Budd-Chiari syndrome in Sweden: epidemiology, clinical characteristics and survival - an 18-year experience - PubMed
doi: 10.1111/j.1478-3231.2008.01838.x. Epub 2008 Aug 7.
Tor Melin, Einar Björnsson, Ulrika Broomé, Per Sangfelt, Ake Danielsson, Anders Gustavsson, Olof Grip, Hans Svensson, Lars Lööf, Sven Wallerstedt, Sven H C Almer
Affiliations
- PMID: 18694401
- DOI: 10.1111/j.1478-3231.2008.01838.x
Budd-Chiari syndrome in Sweden: epidemiology, clinical characteristics and survival - an 18-year experience
Rupesh Rajani et al. Liver Int. 2009 Feb.
Abstract
Background: The exact incidence and prevalence of Budd-Chiari syndrome (BCS) is unknown in the general population. Published reports differ in terms of the clinical characteristics, effects of therapy and survival.

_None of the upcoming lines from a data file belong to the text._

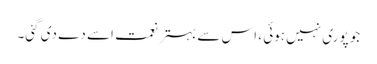
جو پوری نہیں ہوئی ، اس سے بہتر نعمت اسے دے دی گئی۔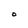
Character: O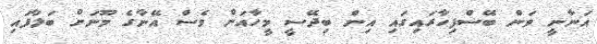
އަނާނީ ވަން ބޭސްފިހާރައިގައި އިން ބިދޭސީ މީހާއަށް ވެސް އޭނާގެ މޫނަށް ބަލާފައި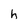
Character: h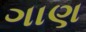
ગાણ

Aims: To investigate the epidemiology, clinical presentation and survival in patients with BCS.
Methods: Retrospective multicentre study in Sweden reviewing the medical records of all patients with BCS 1986-2003, identified from the computerised diagnosis database of 11 hospitals, including all university hospitals and liver transplantation centres.

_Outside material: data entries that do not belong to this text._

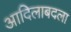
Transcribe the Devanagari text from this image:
आदिलाबदला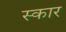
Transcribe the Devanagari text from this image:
स्‍कार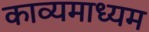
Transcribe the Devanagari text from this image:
काव्यमाध्यम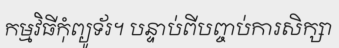
កម្មវិធីកុំព្យូទ័រ។ បន្ទាប់ពីបញ្ចប់ការសិក្សា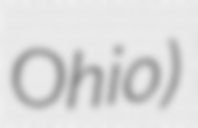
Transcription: Ohio)

Results: Forty-three patients with BCS were identified, of whom nine (21%) had concomitant portal vein thrombosis. The mean age-standardised incidence and prevalence rates in 1990-2001 were calculated to be 0.8 per million per year and 1.4 per million inhabitants respectively. Myeloproliferative disorders (38%), thrombophilic factors (31%) and oral contraceptives (30%) were common aetiological factors. Two or more risk factors were present in 44%. In 23%, no risk factor was evident. The median follow-up time was 2.7 years. Seventy-two percent were on anticoagulant therapy during follow-up. Transjugular intrahepatic portosystemic shunting, surgical shunting procedures and liver transplantation were performed in 4, 6 and 18 patients respectively. Nineteen patients died. The overall transplantation-free survival at 1, 5 and 10 years was 47, 28 and 17% respectively.

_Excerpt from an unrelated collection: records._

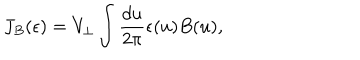
LaTeX: J _ { B } ( \epsilon ) = V _ { \perp } \int { \frac { d u } { 2 \pi } } \epsilon ( u ) B ( u ) ,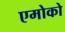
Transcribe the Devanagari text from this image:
एमोको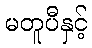
မတူပီနှင့်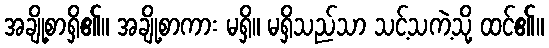
အချို့စာရှိ၏။ အချို့စာကား မရှိ။ မရှိသည်သာ သင့်သကဲ့သို့ ထင်၏။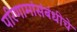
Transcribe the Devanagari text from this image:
परिणामांसंबंधीचे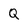
Character: Q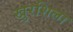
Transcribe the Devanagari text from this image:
खुरशिला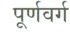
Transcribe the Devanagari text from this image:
पूर्णवर्ग

Conclusions: Budd-Chiari syndrome is a rare disorder; the mean age-standardised incidence and prevalence rates in Sweden in 1990-2001 were calculated to be 0.8 per million per year and 1.4 per million inhabitants respectively. The presence of a myeloproliferative disorder was a common aetiological factor in our cohort and about half of the patients had a multifactorial aetiology. The transplantation-free survival was poor.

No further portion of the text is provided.